Aquiring Video Direct To Laptop......

beatnik wrote on 6/17/2003, 12:17 PM
I do multicam shoots, I hate that it takes 3 hours to capture 3 videos to the Vegas time line. I am looking at capturing direct to disk. I have seen some of the direct to disk media out there such as Capdv, Sony's etc and they seem to be about $1,500 to $2,000
(CDN). My thoughts are to by 3 laptops at $1,500 apiece and use them to capture direct
to disk. I know that the laptops are MUCH bigger than the other media but at least I will
have 3 more computers to do other work on such as rendering 3 (actually 4, including my main desktop) videos at once (in case I get busy with more than one project!)

I guess what I am looking for is some advice, pro's, con's, experiences.

Thanks

Alex

Comments

Jsnkc wrote on 6/17/2003, 1:31 PM
I wouldn't get laptops I have found them to be pretty useless in the editing world since they are so hard to upgrade and usually come with smaller hard drives.
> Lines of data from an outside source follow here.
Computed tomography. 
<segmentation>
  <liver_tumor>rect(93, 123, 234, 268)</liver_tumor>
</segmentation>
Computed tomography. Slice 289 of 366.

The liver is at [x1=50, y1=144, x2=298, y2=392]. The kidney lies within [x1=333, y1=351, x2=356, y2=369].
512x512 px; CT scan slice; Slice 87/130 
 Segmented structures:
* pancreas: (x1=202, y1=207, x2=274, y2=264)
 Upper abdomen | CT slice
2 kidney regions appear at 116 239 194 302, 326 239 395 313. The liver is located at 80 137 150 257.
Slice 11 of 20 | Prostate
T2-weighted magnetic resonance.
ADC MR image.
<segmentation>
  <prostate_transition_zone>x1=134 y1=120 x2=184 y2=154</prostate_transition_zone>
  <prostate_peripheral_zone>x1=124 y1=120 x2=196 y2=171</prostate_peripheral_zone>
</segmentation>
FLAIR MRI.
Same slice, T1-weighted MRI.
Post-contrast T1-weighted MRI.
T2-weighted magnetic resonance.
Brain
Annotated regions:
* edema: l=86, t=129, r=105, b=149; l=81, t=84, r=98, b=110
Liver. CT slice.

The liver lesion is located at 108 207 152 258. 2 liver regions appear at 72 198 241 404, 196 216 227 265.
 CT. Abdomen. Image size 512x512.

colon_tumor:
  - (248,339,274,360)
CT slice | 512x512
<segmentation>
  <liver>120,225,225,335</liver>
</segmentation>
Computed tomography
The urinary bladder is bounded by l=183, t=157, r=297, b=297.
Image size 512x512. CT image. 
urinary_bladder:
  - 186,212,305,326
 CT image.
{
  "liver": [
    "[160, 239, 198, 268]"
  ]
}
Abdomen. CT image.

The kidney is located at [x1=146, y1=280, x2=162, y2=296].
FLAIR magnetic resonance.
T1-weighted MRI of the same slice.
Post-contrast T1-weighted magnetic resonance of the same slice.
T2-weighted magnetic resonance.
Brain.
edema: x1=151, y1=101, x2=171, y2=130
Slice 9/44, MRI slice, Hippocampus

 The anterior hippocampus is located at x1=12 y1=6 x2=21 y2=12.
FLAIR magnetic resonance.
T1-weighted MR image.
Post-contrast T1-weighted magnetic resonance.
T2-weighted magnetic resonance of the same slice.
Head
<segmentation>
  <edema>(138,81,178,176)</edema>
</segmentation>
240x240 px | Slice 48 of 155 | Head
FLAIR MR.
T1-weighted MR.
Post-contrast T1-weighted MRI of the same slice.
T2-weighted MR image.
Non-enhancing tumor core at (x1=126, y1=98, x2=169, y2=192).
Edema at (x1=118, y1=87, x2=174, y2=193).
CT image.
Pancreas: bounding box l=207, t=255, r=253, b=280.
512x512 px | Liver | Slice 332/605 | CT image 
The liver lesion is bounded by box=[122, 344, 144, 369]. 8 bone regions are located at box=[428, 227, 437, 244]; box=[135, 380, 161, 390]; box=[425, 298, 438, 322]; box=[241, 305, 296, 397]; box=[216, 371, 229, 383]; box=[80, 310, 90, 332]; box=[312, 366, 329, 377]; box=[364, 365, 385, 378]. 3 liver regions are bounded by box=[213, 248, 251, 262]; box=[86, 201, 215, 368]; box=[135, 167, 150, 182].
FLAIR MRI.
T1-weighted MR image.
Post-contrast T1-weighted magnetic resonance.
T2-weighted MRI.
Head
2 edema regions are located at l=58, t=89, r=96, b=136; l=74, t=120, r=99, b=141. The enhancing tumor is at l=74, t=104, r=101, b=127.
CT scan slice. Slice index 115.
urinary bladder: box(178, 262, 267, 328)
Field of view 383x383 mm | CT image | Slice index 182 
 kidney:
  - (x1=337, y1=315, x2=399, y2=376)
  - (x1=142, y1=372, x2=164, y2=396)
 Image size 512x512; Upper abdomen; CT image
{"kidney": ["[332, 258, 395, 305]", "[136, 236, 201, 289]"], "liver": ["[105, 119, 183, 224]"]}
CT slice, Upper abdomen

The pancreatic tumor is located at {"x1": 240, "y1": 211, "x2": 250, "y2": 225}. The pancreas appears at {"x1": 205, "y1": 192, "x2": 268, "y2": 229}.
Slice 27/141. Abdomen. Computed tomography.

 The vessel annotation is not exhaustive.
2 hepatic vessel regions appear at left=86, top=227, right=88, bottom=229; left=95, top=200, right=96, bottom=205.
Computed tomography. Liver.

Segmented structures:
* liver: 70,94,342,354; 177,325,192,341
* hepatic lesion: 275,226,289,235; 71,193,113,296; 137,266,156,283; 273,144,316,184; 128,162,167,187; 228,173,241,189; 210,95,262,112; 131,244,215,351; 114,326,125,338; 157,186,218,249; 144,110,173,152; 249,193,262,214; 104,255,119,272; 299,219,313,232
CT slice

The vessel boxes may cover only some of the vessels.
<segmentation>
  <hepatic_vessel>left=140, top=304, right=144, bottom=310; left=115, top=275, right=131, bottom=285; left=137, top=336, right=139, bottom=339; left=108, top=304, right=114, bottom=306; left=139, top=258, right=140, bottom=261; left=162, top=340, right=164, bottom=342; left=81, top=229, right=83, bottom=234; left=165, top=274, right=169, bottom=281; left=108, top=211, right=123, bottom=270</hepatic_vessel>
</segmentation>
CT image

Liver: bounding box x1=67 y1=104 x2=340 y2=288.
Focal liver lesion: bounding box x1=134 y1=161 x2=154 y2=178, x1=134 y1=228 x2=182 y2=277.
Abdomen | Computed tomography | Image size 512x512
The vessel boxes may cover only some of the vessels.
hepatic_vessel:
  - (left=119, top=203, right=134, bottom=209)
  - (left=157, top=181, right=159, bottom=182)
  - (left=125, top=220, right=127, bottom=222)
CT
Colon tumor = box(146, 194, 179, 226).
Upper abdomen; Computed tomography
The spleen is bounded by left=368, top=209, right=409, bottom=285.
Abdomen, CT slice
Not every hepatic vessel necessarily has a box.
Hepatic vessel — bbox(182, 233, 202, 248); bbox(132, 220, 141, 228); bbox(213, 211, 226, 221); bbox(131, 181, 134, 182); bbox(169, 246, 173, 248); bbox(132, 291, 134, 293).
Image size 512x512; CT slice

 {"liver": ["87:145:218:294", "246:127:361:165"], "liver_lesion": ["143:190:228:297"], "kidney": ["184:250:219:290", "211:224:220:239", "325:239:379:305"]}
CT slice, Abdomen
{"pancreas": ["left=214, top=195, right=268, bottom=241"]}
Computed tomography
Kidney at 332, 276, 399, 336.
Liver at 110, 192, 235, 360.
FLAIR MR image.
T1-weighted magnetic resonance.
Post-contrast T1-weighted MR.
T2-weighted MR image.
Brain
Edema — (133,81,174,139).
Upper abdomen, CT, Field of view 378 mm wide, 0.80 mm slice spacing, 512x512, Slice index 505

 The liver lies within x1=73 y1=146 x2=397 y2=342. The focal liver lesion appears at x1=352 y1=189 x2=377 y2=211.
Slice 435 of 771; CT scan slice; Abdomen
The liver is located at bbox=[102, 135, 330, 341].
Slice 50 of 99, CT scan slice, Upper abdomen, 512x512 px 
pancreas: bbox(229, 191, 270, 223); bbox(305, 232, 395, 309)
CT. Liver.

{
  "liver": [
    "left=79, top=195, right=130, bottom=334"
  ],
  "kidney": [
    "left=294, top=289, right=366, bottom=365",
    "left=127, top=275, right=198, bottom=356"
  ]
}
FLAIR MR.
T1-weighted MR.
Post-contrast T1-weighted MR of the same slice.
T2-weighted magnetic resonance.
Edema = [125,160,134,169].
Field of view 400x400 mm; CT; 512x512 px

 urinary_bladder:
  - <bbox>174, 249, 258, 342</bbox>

I get at least 1 person a week that brings in their laptop with all their video on it, and they still have 10 minutes left of footage to capture but they are out of hard drive space and expect me to be able to cram 10 minutes more on there, plus all the rendered files without deleting anything. What I would do is get a few of those little shuttle PC's, put a huge hard drive in each of them and use them to capture directly to, it will probably be about half the price of a laptop
24Peter wrote on 6/17/2003, 3:03 PM
The laptops are a good idea - if you can capture direct in Vegas (I haven't tried it yet but will.) There are also a few cheaper hard disk capture device solutions. ADS has one but it has some weird format. Then there's this one: http://www.shining.com/

I think the Shining is around $800. But today you can get a laptop with a 40-60GB hard drive (3-4.5 hrs of DV video) and a fast processor for $1500. Let us know how it works.